Section 19(f) of the Act provides for recall of an original award or decision on review by the Commission to correct clerical errors or errors in computation within 15 days after receipt of any decision on review. 820 ILCS 305/19(f) (West 1994). Although section 19(f) is a proper procedure for seeking clarification of an inconsistent order and not strictly limited to clerical or substantive errors, it is not a *299proper vehicle for rehearing or reconsideration of the merits of the case. If that is what is sought, the petition for recall is a nullity. McDuffee v. Industrial Comm’n, 222 Ill. App. 3d 105, 110-11 (1991); Kelly v. Industrial Comm’n, 203 Ill. App. 3d 626, 630 (1990).

In the instant case, there was no petition filed to correct the Commission’s decision under section 19(f) of the Act. Nor was a timely proceeding for review filed under section 19(f)(1) of the Act. It was not until eight months after the Commission’s final decision that Kanoski filed a petition asking the Commission to determine the amount of fees due. Absent timely application for review, the Commission was without jurisdiction to reopen its final decision and grant Kanoski’s petition for fees.

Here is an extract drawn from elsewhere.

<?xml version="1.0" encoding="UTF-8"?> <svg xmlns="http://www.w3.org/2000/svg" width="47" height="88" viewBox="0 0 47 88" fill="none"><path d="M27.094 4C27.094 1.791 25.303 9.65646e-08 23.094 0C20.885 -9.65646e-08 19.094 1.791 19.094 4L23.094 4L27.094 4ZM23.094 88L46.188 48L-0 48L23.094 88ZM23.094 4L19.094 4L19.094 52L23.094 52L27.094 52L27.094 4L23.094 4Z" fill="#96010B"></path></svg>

As described above, sometime between May 28, 1992, and June 7, 1992, Hoshor told Kanoski that she was willing to settle her claim for $6,500, but she wanted Hayes, not Kanoski, to complete the settlement. On June 7, 1992, Kanoski signed a substitution of attorney form, making Hayes the attorney of record. Undoubtedly on that date, Kanoski knew or should have known settlement was imminent and Hayes was the attorney of record. Still, Kanoski failed to apprise the Commission of its alleged entitlement to fees until March 5, 1993, eight months after approval of the settlement contract. This delay and failure to seek timely review deprived the Commission of jurisdiction to review its final decision.

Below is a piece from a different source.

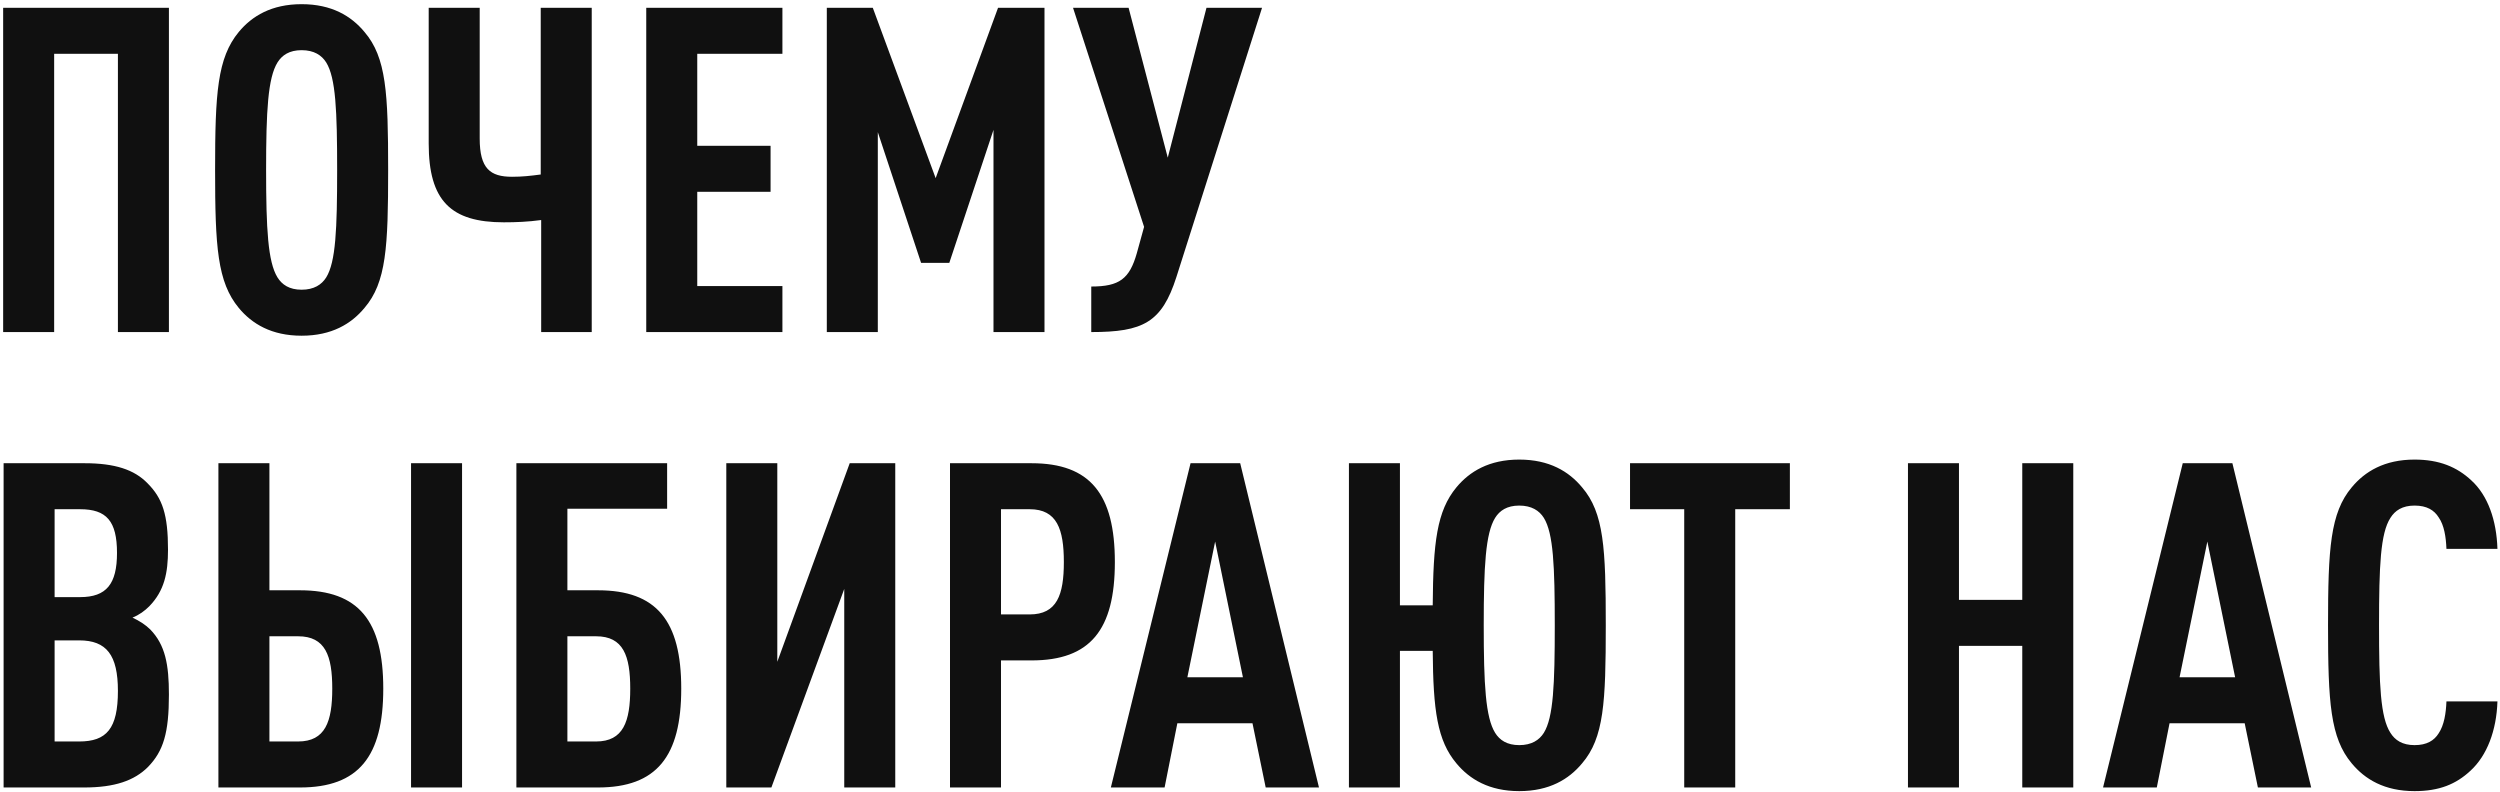 <?xml version="1.0" encoding="UTF-8"?> <svg xmlns="http://www.w3.org/2000/svg" width="527" height="167" viewBox="0 0 527 167" fill="none"><path d="M35.608 70H24.856V11.344H11.416V70H0.664V1.648H35.608V70ZM81.822 35.824C81.822 52.048 81.438 59.536 76.83 64.912C74.046 68.272 69.918 70.768 63.582 70.768C57.246 70.768 53.118 68.272 50.334 64.912C45.822 59.44 45.342 52.048 45.342 35.824C45.342 19.6 45.822 12.208 50.334 6.736C53.118 3.376 57.246 0.88 63.582 0.88C69.918 0.88 74.046 3.376 76.83 6.736C81.438 12.112 81.822 19.6 81.822 35.824ZM71.07 35.824C71.07 23.344 70.782 16.432 68.766 13.168C67.806 11.632 66.174 10.576 63.582 10.576C60.99 10.576 59.454 11.632 58.494 13.168C56.478 16.432 56.094 23.344 56.094 35.824C56.094 48.304 56.478 55.216 58.494 58.48C59.454 60.016 60.99 61.072 63.582 61.072C66.174 61.072 67.806 60.016 68.766 58.48C70.782 55.216 71.07 48.304 71.07 35.824ZM124.737 70H114.081V46.384C111.297 46.768 108.705 46.864 106.209 46.864C95.073 46.864 90.369 42.352 90.369 30.256V1.648H101.121V29.2C101.121 35.536 103.329 37.264 107.937 37.264C110.145 37.264 111.777 37.072 113.985 36.784V1.648H124.737V70ZM164.933 70H136.229V1.648H164.933V11.344H146.981V30.736H162.437V40.432H146.981V60.304H164.933V70ZM220.179 70H209.427V27.376L200.115 55.408H194.163L185.043 27.856V70H174.291V1.648H183.987L197.235 37.552L210.387 1.648H220.179V70ZM266.037 1.648L247.989 58.384C244.917 67.984 240.981 70 230.037 70V60.4C235.989 60.4 238.101 58.768 239.637 53.392L241.173 47.824L226.197 1.648H237.909L246.165 33.232L254.325 1.648H266.037ZM35.608 146.416C35.608 154.48 34.456 158.32 31.192 161.68C28.312 164.56 24.184 166 17.752 166H0.76V97.648H17.848C24.184 97.648 28.312 98.992 31.096 101.872C34.264 105.04 35.416 108.496 35.416 115.888C35.416 120.784 34.648 124.528 31.48 127.792C30.52 128.752 29.368 129.616 27.928 130.192C29.368 130.864 30.712 131.728 31.672 132.688C34.84 135.952 35.608 140.08 35.608 146.416ZM24.856 145.648C24.856 138.064 22.456 134.992 16.696 134.992H11.512V156.304H16.696C22.456 156.304 24.856 153.616 24.856 145.648ZM24.664 116.56C24.664 109.84 22.456 107.344 16.888 107.344H11.512V125.872H16.888C22.456 125.872 24.664 123.088 24.664 116.56ZM80.793 145.168C80.793 159.472 75.609 166 63.225 166H46.041V97.648H56.793V124.432H63.225C75.609 124.432 80.793 130.864 80.793 145.168ZM70.041 145.168C70.041 138.256 68.601 134.128 62.841 134.128H56.793V156.304H62.841C68.601 156.304 70.041 152.08 70.041 145.168ZM97.401 166H86.649V97.648H97.401V166ZM143.606 145.168C143.606 159.472 138.422 166 126.038 166H108.854V97.648H140.63V107.248H119.606V124.432H126.038C138.422 124.432 143.606 130.864 143.606 145.168ZM132.854 145.168C132.854 138.256 131.414 134.128 125.654 134.128H119.606V156.304H125.654C131.414 156.304 132.854 152.08 132.854 145.168ZM162.608 166H153.104V97.648H163.856V139.504L179.12 97.648H188.72V166H177.968V124.144L162.608 166ZM235.012 118.48C235.012 132.784 229.828 139.216 217.444 139.216H211.012V166H200.26V97.648H217.444C229.828 97.648 235.012 104.176 235.012 118.48ZM224.26 118.48C224.26 111.568 222.82 107.344 217.06 107.344H211.012V129.52H217.06C222.82 129.52 224.26 125.392 224.26 118.48ZM278.04 166H266.808L264.024 152.464H248.184L245.496 166H234.168L250.968 97.648H261.432L278.04 166ZM262.008 142.768L256.152 114.16L250.296 142.768H262.008ZM295.106 166H284.354V97.648H295.106V127.6H302.018C302.114 114.352 302.882 107.728 307.01 102.736C309.794 99.376 313.922 96.88 320.258 96.88C326.594 96.88 330.722 99.376 333.506 102.736C338.114 108.112 338.498 115.6 338.498 131.824C338.498 148.048 338.114 155.536 333.506 160.912C330.722 164.272 326.594 166.768 320.258 166.768C313.922 166.768 309.794 164.272 307.01 160.912C302.978 156.112 302.114 149.776 302.018 137.2H295.106V166ZM327.746 131.824C327.746 119.344 327.458 112.432 325.442 109.168C324.482 107.632 322.85 106.576 320.258 106.576C317.666 106.576 316.13 107.632 315.17 109.168C313.154 112.432 312.77 119.344 312.77 131.824C312.77 144.304 313.154 151.216 315.17 154.48C316.13 156.016 317.666 157.072 320.258 157.072C322.85 157.072 324.482 156.016 325.442 154.48C327.458 151.216 327.746 144.304 327.746 131.824ZM377.306 107.344H365.786V166H355.034V107.344H343.61V97.648H377.306V107.344ZM437.046 166H426.294V136.144H412.95V166H402.198V97.648H412.95V126.448H426.294V97.648H437.046V166ZM487.196 166H475.964L473.18 152.464H457.34L454.652 166H443.324L460.124 97.648H470.588L487.196 166ZM471.164 142.768L465.308 114.16L459.452 142.768H471.164ZM526.461 147.856C526.269 154 524.253 159.28 520.797 162.448C517.725 165.328 514.173 166.768 508.989 166.768C502.653 166.768 498.525 164.272 495.741 160.912C491.229 155.536 490.749 148.048 490.749 131.824C490.749 115.6 491.229 108.112 495.741 102.736C498.525 99.376 502.653 96.88 508.989 96.88C514.173 96.88 517.917 98.416 520.989 101.296C524.445 104.464 526.269 109.648 526.461 115.696H515.709C515.613 113.2 515.229 110.704 514.077 109.072C513.117 107.536 511.581 106.576 508.989 106.576C506.397 106.576 504.861 107.632 503.901 109.168C501.789 112.432 501.501 119.344 501.501 131.824C501.501 144.304 501.789 151.216 503.901 154.48C504.861 156.016 506.397 157.072 508.989 157.072C511.581 157.072 513.117 156.112 514.077 154.576C515.229 152.848 515.613 150.352 515.709 147.856H526.461Z" fill="#101010"></path></svg>

In sum, we hold that an approved settlement agreement by the Commission becomes a final award after 20 days, where no petition for review is filed. 820 ILCS 305/19(f)(1) (West 1994). Such finality precludes reopening to reconsider a previous award of disability or attorney fees, except as provided by the Act. Recognizing that the Commission cannot exercise perpetual and unlimited jurisdiction to reopen claims, the Act has placed severe limitations on the Commission’s power to reopen awards. As such, we cannot find any statutory authority that would permit the Commission to reopen an approved settlement award after eight months to hear a petition for fees, where fees were already granted in the final decision.

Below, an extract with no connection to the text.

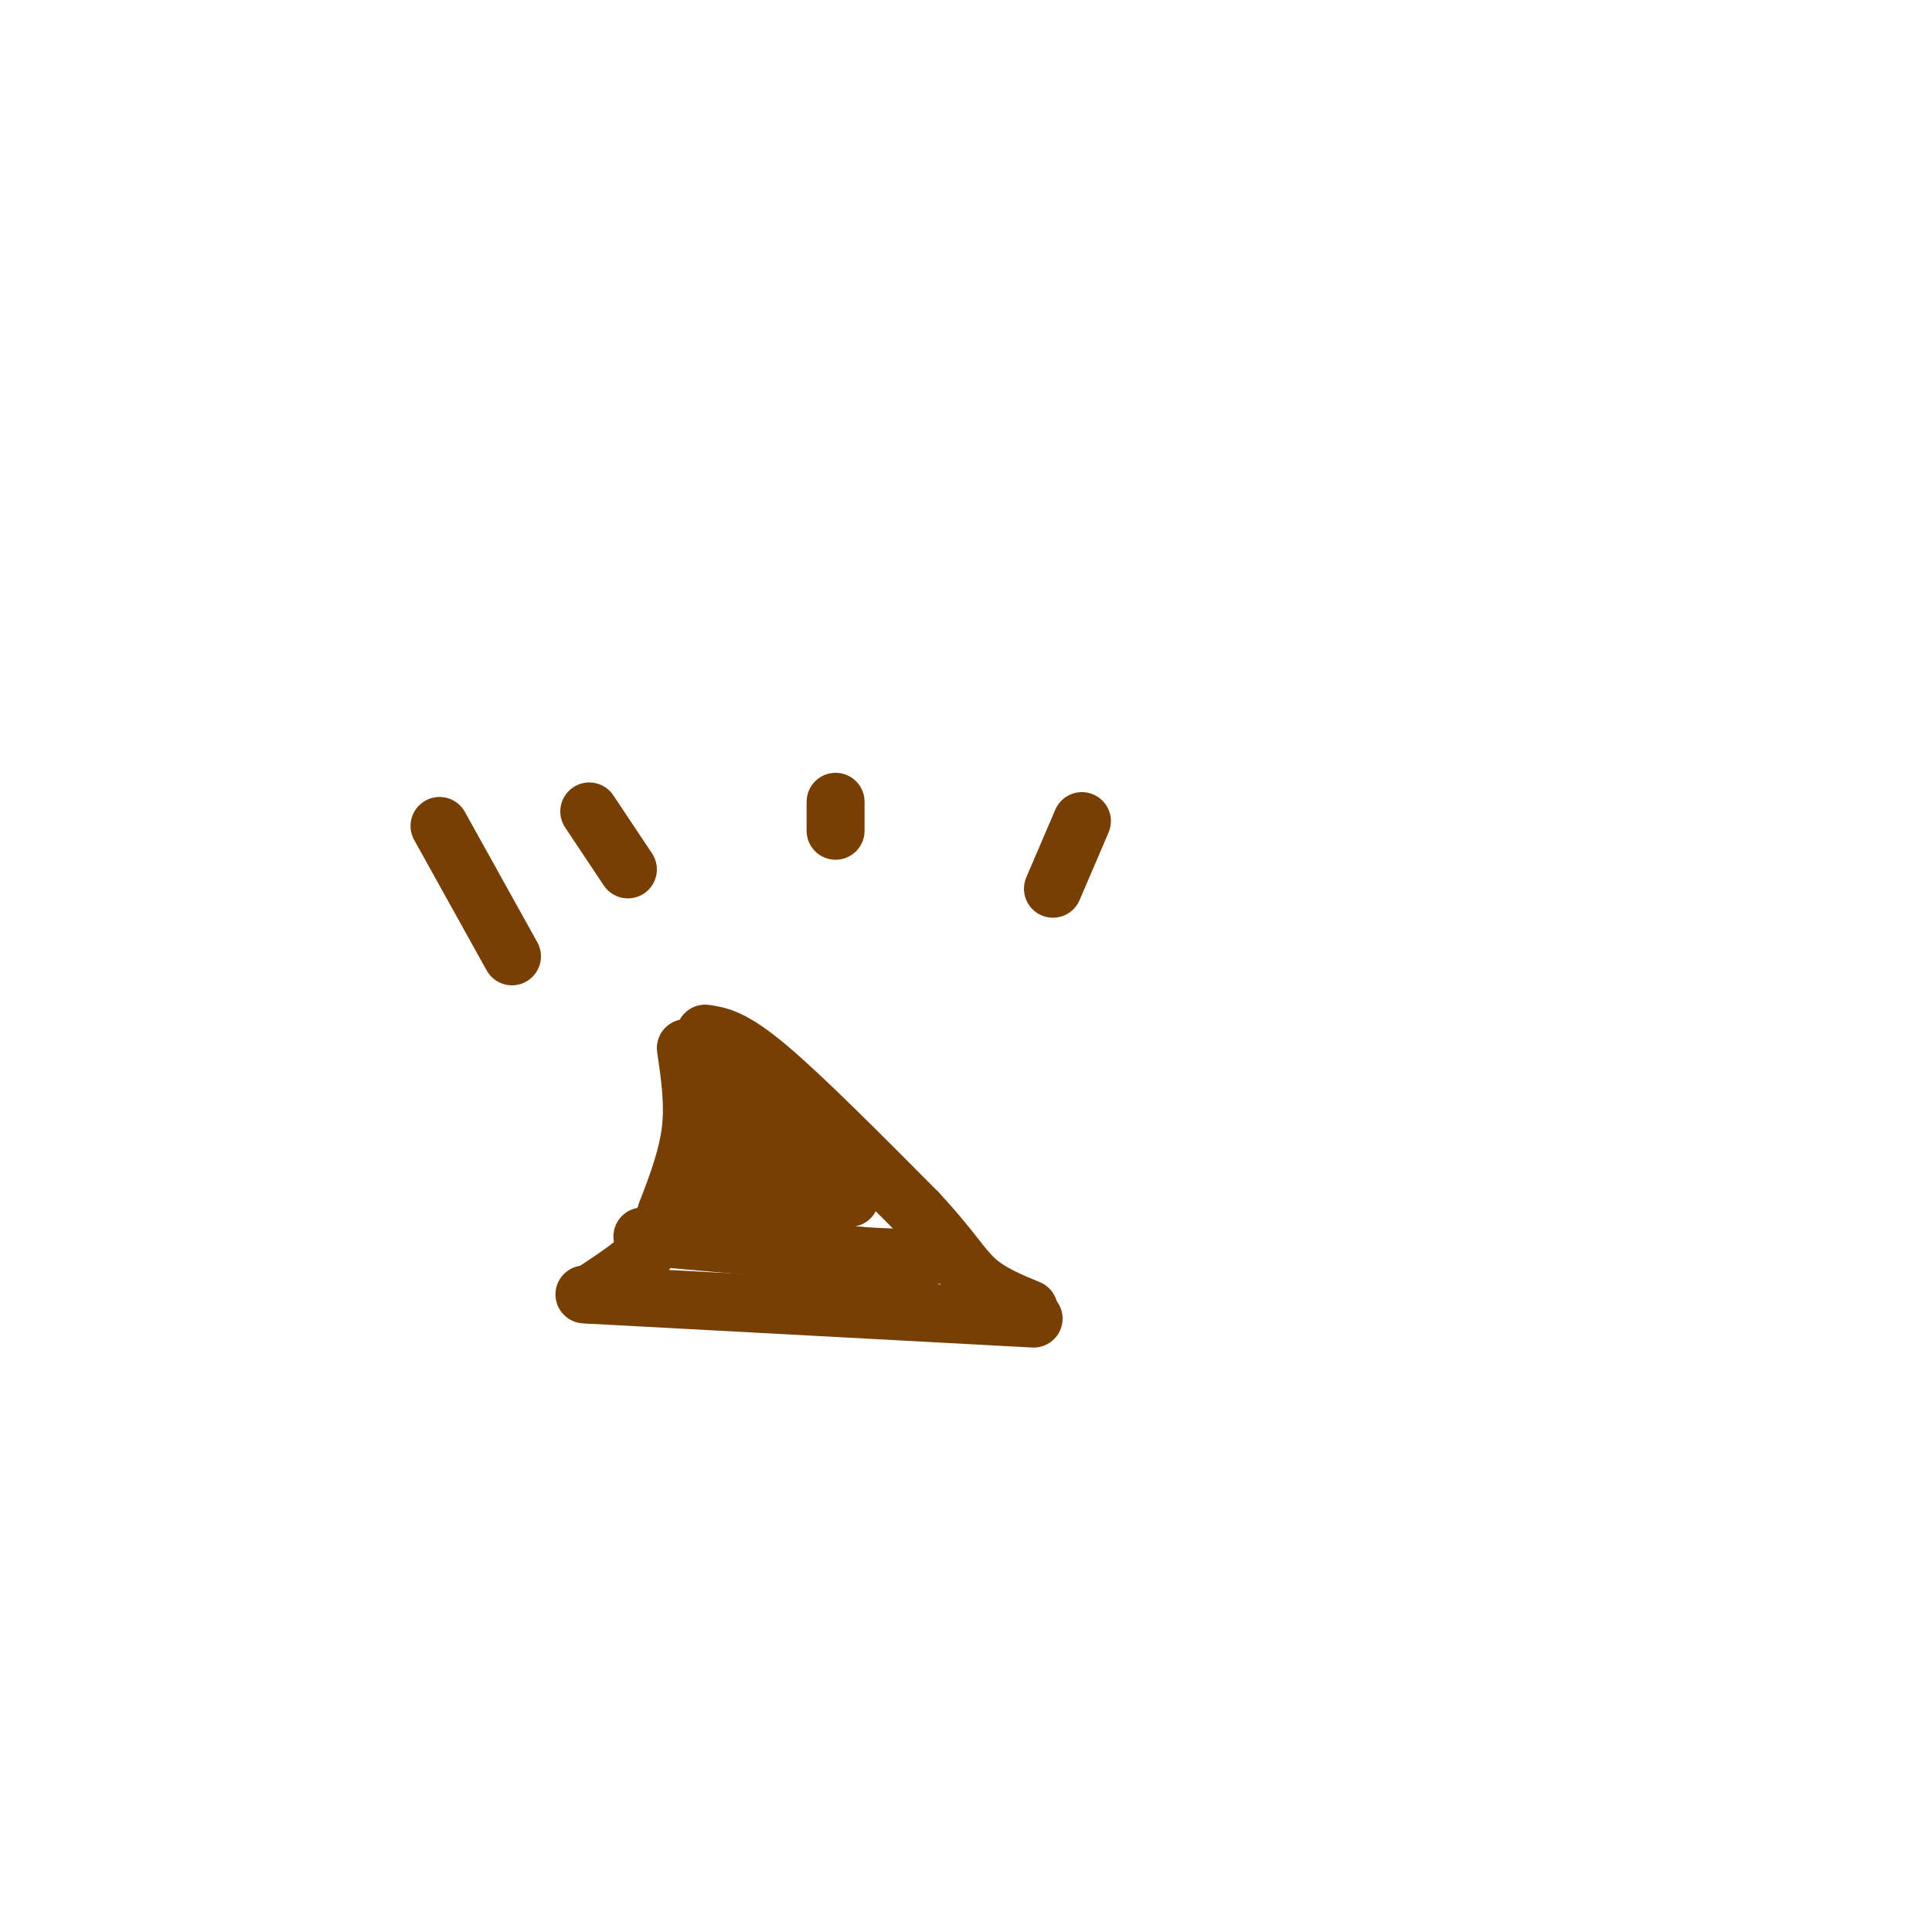 <svg viewBox='0 0 400 400' version='1.1' xmlns='http://www.w3.org/2000/svg' xmlns:xlink='http://www.w3.org/1999/xlink'><g fill='none' stroke='rgb(120,63,4)' stroke-width='12' stroke-linecap='round' stroke-linejoin='round'><path d='M121,268c0.000,0.000 93.000,5.000 93,5'/><path d='M133,256c0.000,0.000 45.000,4.000 45,4'/><path d='M178,260c10.000,0.667 12.500,0.333 15,0'/><path d='M141,249c0.000,0.000 35.000,-1.000 35,-1'/><path d='M148,236c0.000,0.000 12.000,-1.000 12,-1'/><path d='M147,222c0.000,0.000 4.000,0.000 4,0'/><path d='M148,225c0.000,0.000 4.000,4.000 4,4'/><path d='M154,232c-2.417,2.750 -4.833,5.500 -4,7c0.833,1.500 4.917,1.750 9,2'/><path d='M159,241c3.978,0.356 9.422,0.244 9,0c-0.422,-0.244 -6.711,-0.622 -13,-1'/><path d='M155,240c-3.667,-0.167 -6.333,-0.083 -9,0'/><path d='M142,217c0.833,5.667 1.667,11.333 1,17c-0.667,5.667 -2.833,11.333 -5,17'/><path d='M138,251c-1.400,4.289 -2.400,6.511 -5,9c-2.600,2.489 -6.800,5.244 -11,8'/><path d='M146,214c2.833,0.417 5.667,0.833 13,7c7.333,6.167 19.167,18.083 31,30'/><path d='M190,251c7.000,7.511 9.000,11.289 12,14c3.000,2.711 7.000,4.356 11,6'/><path d='M91,171c0.000,0.000 15.000,27.000 15,27'/><path d='M122,168c0.000,0.000 8.000,12.000 8,12'/><path d='M173,166c0.000,0.000 0.000,6.000 0,6'/><path d='M224,170c0.000,0.000 -6.000,14.000 -6,14'/></g>
</svg>

We are of the opinion that in the absence of express authority, the Commission is without jurisdiction to reopen final decisions concerning fees. To hold otherwise would materially enlarge the powers of the Commission to review final awards and defeat the purpose of the Act, which is to avoid litigation, minimize appeals, and afford a speedy tribunal to award compensation and resolve disputes.

For the aforementioned reasons, we conclude the Commission acted beyond its jurisdiction in granting Kanoski’s petition for fees. Our decision is limited to the facts of this case, where there is no *300claim of fraud and it is apparent that Kanoski sat on its hands, knowing settlement was approaching and would be completed by another attorney. Accordingly, we reverse the decision of the circuit court and reinstate the original settlement award, approved by the Commission and contemplated by the parties.

Reversed; reinstate the original settlement award approved by the Commission.

McCULLOUGH, P.J., and COLWELL, HOLDRIDGE and RAR-ICK, JJ., concur.